Nach genauer Prüfung des Textes auf die Eignung für maschinelle Übersetzung durch einen internen Experten wurde dem Kunden diese Möglichkeit angeboten. Eine maschinelle Übersetzung inklusive Posteditieren nach ISO 18587 entspricht der Qualität einer Übersetzung nach ISO 9001. 

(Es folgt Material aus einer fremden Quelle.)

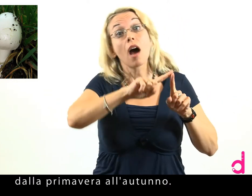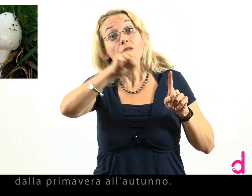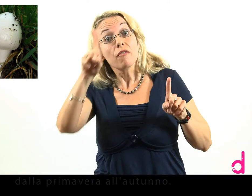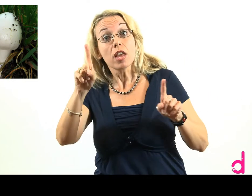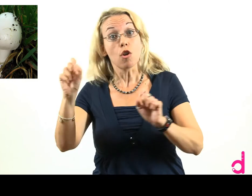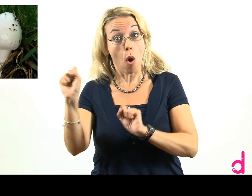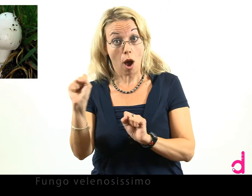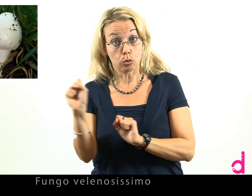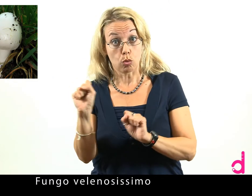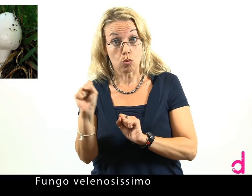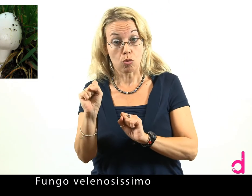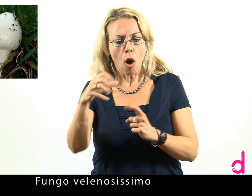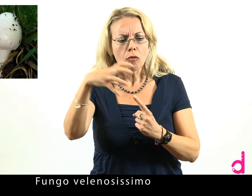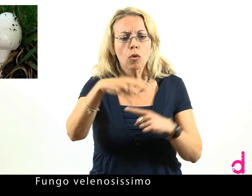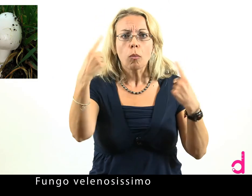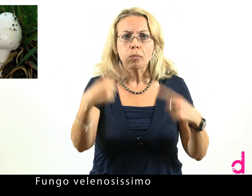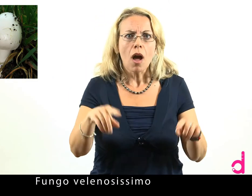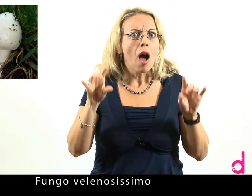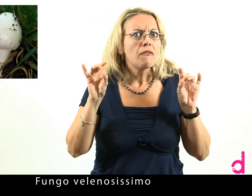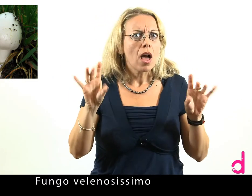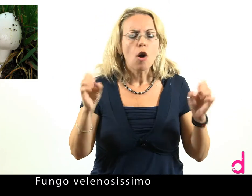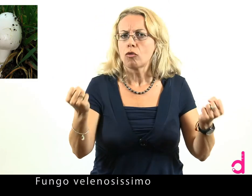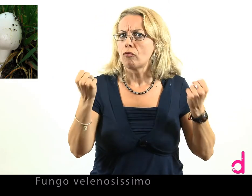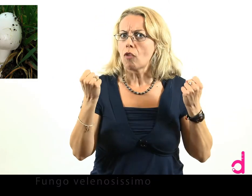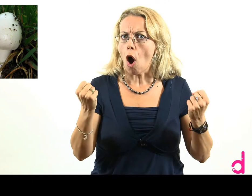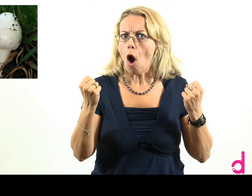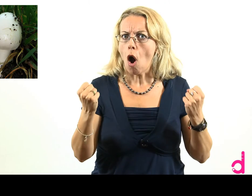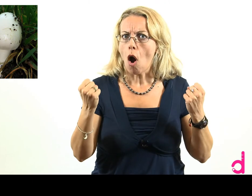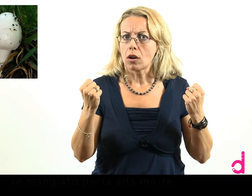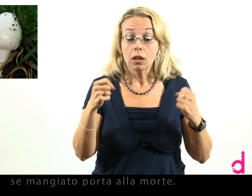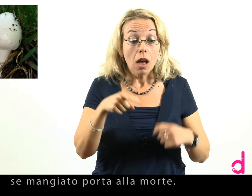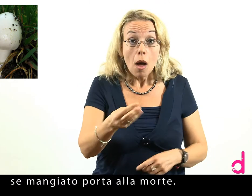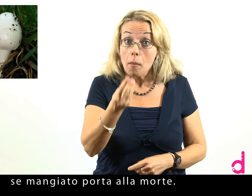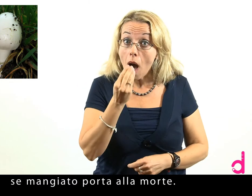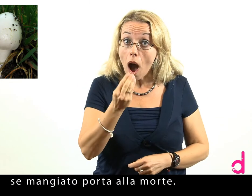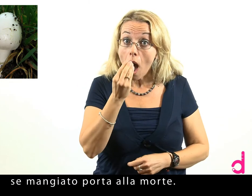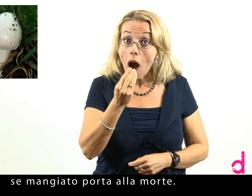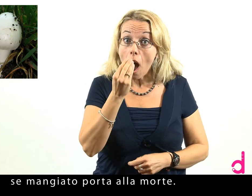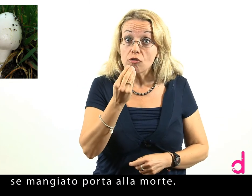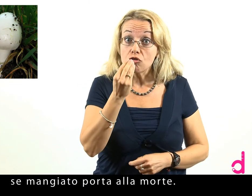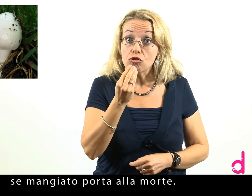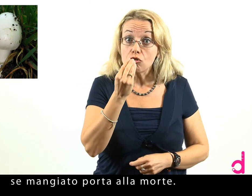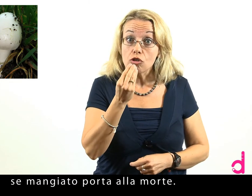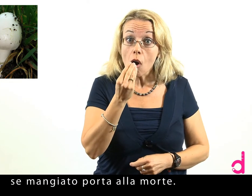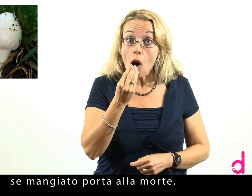Fungo velenosissimo Se mangiato, porta alla morte.

Im zweiten Schritt wurden die drei Möglichkeiten mit dem Kunden abgestimmt, der daraufhin die maschinelle Übersetzung mithilfe einer cloudbasierten Engine freigab. Während Yana Safina aus dem mt-g-Pool an geprüften Fachübersetzern einen geeigneten Post-Editoren auswählte und beauftragte, übernahm das Team Translation & Localisation Engineering im nächsten Schritt die technische Vorbereitung des Projektes. Diese beinhaltete unter anderem das Einlesen der englischsprachigen Vorlage des RFI-Dokuments in das CAT-Tool, sodass die englischen Überschriften aus Übersetzung und Kalkulation ausgenommen werden konnten. Im Anschluss konnte die maschinelle Übersetzung im CAT-Tool per cloudbasierter Engine starten. Zum Schluss lektorierte ein Post-Editor den Text entsprechend der Vorgaben der ISO 18587.

 

Das Ergebnis

Das Übersetzungsprojekt mit insgesamt 8.000 Wörtern konnte durch den Einsatz maschineller Übersetzung und anschließendes Posteditieren in der vorgegebenen Zeit umgesetzt werden. Neben der Zeitersparnis ergab sich für den Kunden auch eine Kostenersparnis um 35 Prozent gegenüber einer Humanübersetzung nach ISO 17100. Dank optimaler technischer Vorbereitung konnten auch die Vorgaben für RFI-Dokumente aus CTIS eingehalten werden und das Projekt wurde zur vollsten Zufriedenheit des Kunden umgesetzt.

 

Für den Kunden hatte eine schnelle Lieferung höchste Priorität. Ich bin sehr glücklich, dass wir auch diesen Wunsch erfüllen konnten, und freue mich schon auf die nächste Herausforderung.